Cassandra and the other distributed databases available today do not provide the kind of ad-hoc query support you are used to from sql. This is because you can't distribute queries with joins performantly, so the emphasis is on denormalization instead.
However, Cassandra 0.6 (beta officially out tomorrow, but you can build from the 0.6 branch yourself if you're impatient) supports Hadoop map/reduce for analytics, which actually sounds like a good fit for you.
Cassandra provides excellent support for adding new nodes painlessly, even to an initial group of one.
That said, at a few hundred writes/minute you're going to be fine on mysql for a long, long time. Cassandra is much better at being a key/value store (even better, key/columnfamily) but MySQL is much better at being a relational database. :)
There is no django support for Cassandra (or other nosql database) yet. They are talking about doing something for the next version after 1.2, but based on talking to django devs at pycon, nobody is really sure what that will look like yet.
If you're a relational database developer (as I am), I'd suggest/point out:
Get some experience working with Cassandra before you commit to its use on a production system... especially if that production system has a hard deadline for completion. Maybe use it as the backend for something unimportant first.
It's proving more challenging than I'd anticipated to do simple things that I take for granted about data manipulation using SQL engines. In particular, indexing data and sorting result sets is non-trivial.

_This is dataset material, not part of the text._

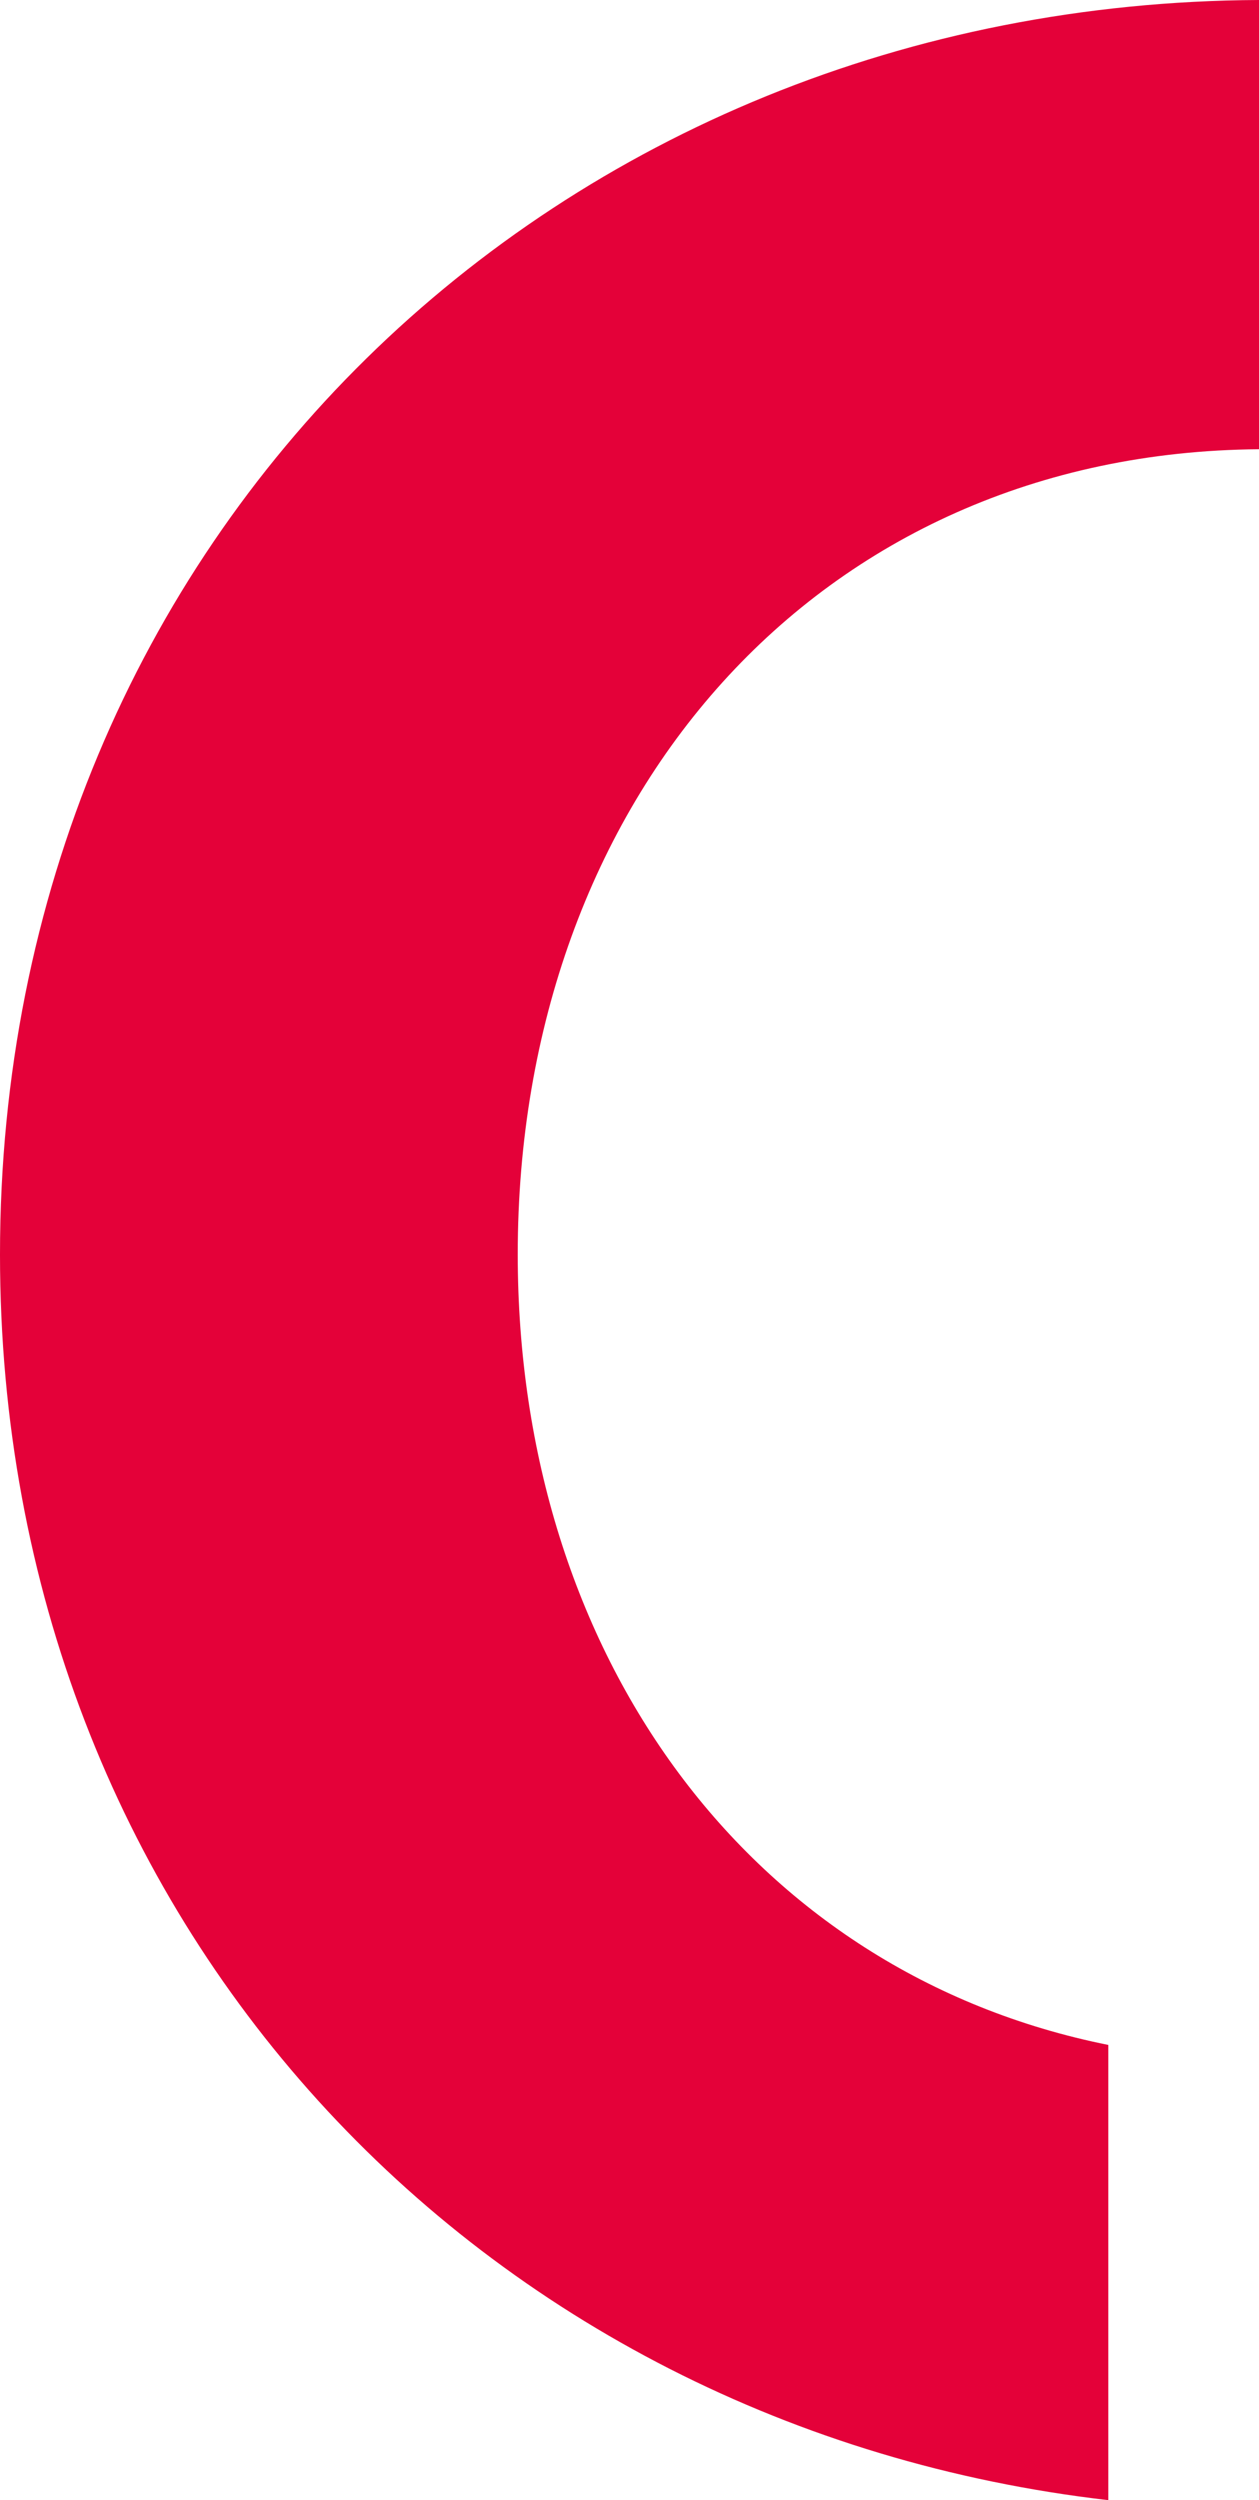 <svg id="Calque_1" data-name="Calque 1" xmlns="http://www.w3.org/2000/svg" width="52.55" height="104.35" viewBox="0 0 52.55 104.35"><path d="M46.26,104.35v-19c-14.95-3-24.65-16.25-24.65-33,0-19,12.48-33.46,30.94-33.6V0C23.27.14,0,22.3,0,52.36,0,80.25,20,101.32,46.26,104.35Z" transform="translate(0 0)" fill="#e40139"/></svg>

Data modelling has proven challenging as well. As a relational database developer you come to the table with a lot of baggage... you need to be willing to learn how to model data very differently.
These things said, I strongly recommend building something in Cassandra. If you're like me, then doing so will challenge your understanding of data storage and make you rethink a relational-database-fits-all-situations outlook that I didn't even realize I held.
Some good resources I've found include:
Dominic Williams' Cassandra blog posts
Secondary Indexes in Cassandra
More from Ed Anuff on indexing
Cassandra book (not fantastic, but a good start)
"WTF is a SuperColumn" pdf
The Django-cassandra is an early beta mode. Also Django didn't made for no-sql databases. The key in Django ORM is based on SQL (Django recommends to use PostgreSQL). If you need to use ONLY no-sql (you can mix sql and no-sql in same app) you need to risky use no-sql ORM (it significantly slower than traditional SQL orm or direct use of No-SQL storage). Or you'll need to completely full rewrite django ORM. But in this case i can't presume, why you need Django. Maybe you can use something else, like Tornado?